* _Task to complete_: Transcribe the records word for word, beginning with the first line and ending with the line that contains "human: [hr_rgb_0.5]"; include nothing else.

(Records contained in a dataset)
[Start of section]

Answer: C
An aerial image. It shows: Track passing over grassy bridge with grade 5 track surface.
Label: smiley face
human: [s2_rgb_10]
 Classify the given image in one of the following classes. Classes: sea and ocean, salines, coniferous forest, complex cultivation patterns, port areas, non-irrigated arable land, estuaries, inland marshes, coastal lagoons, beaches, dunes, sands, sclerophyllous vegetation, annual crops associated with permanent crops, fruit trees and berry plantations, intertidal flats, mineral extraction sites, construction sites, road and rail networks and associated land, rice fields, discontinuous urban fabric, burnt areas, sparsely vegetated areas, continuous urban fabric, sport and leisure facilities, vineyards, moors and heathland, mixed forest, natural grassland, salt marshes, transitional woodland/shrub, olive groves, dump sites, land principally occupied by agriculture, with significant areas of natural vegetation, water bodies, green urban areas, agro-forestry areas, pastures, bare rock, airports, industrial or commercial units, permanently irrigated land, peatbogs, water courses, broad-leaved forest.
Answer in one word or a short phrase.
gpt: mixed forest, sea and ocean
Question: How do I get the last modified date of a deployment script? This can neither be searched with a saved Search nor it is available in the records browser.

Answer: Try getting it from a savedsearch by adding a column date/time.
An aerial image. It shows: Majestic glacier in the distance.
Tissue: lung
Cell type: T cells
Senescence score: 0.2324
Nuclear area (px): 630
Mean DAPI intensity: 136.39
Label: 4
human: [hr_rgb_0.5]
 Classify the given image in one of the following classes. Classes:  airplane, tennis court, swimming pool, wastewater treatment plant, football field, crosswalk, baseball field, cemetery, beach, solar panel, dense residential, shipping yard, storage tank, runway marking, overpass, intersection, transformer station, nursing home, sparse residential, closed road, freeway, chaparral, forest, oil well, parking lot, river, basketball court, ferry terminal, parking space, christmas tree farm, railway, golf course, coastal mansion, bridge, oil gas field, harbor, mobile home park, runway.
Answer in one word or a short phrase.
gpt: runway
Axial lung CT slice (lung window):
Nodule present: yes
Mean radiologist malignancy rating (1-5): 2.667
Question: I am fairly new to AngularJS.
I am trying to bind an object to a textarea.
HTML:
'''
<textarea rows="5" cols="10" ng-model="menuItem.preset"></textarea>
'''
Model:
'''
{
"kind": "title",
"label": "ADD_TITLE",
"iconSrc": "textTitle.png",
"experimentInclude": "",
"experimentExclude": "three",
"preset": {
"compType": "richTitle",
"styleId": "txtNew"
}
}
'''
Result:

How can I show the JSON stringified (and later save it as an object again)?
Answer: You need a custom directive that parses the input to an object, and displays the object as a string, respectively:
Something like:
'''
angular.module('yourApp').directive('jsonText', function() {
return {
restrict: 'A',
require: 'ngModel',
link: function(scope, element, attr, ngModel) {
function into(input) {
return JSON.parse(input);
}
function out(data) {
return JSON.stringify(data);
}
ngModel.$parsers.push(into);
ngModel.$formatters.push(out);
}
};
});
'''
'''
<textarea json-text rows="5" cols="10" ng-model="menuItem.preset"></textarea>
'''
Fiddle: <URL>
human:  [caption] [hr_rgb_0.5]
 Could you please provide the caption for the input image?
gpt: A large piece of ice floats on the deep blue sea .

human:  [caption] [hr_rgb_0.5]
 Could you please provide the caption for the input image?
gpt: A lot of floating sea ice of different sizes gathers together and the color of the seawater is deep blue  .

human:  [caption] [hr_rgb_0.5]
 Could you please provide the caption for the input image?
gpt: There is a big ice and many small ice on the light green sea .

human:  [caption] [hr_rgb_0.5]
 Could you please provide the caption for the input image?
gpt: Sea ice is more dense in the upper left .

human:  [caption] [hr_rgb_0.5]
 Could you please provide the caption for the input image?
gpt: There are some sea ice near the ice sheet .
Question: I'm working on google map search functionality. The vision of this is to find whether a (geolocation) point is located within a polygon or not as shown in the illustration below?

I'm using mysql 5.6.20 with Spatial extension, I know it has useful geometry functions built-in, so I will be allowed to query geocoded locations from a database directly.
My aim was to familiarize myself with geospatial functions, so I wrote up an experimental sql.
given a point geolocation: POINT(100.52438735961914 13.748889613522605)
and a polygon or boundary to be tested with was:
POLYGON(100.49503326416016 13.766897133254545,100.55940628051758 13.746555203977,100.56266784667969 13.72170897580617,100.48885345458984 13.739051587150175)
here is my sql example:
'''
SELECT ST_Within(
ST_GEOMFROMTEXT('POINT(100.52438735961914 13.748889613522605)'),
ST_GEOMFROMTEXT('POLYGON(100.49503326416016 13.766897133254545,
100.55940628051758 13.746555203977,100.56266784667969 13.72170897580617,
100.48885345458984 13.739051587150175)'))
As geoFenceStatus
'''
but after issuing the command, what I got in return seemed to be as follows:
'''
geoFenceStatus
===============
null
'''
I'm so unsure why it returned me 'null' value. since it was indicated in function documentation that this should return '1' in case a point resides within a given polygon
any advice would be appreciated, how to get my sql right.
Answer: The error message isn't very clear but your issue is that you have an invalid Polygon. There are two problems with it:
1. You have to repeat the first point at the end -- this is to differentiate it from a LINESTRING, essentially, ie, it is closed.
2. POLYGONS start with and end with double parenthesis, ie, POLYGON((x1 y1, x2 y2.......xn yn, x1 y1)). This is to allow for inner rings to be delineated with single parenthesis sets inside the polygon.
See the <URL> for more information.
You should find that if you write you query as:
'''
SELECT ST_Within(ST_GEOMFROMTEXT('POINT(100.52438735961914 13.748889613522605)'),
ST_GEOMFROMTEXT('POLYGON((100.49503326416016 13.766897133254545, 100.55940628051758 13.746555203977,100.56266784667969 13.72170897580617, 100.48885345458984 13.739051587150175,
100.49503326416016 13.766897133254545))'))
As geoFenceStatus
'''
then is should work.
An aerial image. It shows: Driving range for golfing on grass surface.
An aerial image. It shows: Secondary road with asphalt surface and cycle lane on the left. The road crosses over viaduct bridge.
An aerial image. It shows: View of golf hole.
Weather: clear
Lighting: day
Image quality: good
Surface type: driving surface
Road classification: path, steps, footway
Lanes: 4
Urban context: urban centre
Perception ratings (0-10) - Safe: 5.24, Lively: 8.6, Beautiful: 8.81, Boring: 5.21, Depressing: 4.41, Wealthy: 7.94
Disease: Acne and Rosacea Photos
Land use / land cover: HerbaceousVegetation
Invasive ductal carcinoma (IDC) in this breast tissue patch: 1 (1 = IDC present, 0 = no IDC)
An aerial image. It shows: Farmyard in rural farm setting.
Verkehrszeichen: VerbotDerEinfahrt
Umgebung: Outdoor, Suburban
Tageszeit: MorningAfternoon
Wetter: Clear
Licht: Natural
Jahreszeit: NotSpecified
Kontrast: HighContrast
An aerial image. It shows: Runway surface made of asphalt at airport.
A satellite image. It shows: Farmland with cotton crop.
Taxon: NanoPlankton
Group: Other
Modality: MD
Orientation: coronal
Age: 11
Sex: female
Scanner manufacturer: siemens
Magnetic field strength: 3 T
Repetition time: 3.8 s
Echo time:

[End of section]

* _Answer below_:
Answer: C
An aerial image. It shows: Track passing over grassy bridge with grade 5 track surface.
Label: smiley face
human: [s2_rgb_10]
 Classify the given image in one of the following classes. Classes: sea and ocean, salines, coniferous forest, complex cultivation patterns, port areas, non-irrigated arable land, estuaries, inland marshes, coastal lagoons, beaches, dunes, sands, sclerophyllous vegetation, annual crops associated with permanent crops, fruit trees and berry plantations, intertidal flats, mineral extraction sites, construction sites, road and rail networks and associated land, rice fields, discontinuous urban fabric, burnt areas, sparsely vegetated areas, continuous urban fabric, sport and leisure facilities, vineyards, moors and heathland, mixed forest, natural grassland, salt marshes, transitional woodland/shrub, olive groves, dump sites, land principally occupied by agriculture, with significant areas of natural vegetation, water bodies, green urban areas, agro-forestry areas, pastures, bare rock, airports, industrial or commercial units, permanently irrigated land, peatbogs, water courses, broad-leaved forest.
Answer in one word or a short phrase.
gpt: mixed forest, sea and ocean
Question: How do I get the last modified date of a deployment script? This can neither be searched with a saved Search nor it is available in the records browser.

Answer: Try getting it from a savedsearch by adding a column date/time.
An aerial image. It shows: Majestic glacier in the distance.
Tissue: lung
Cell type: T cells
Senescence score: 0.2324
Nuclear area (px): 630
Mean DAPI intensity: 136.39
Label: 4
human: [hr_rgb_0.5]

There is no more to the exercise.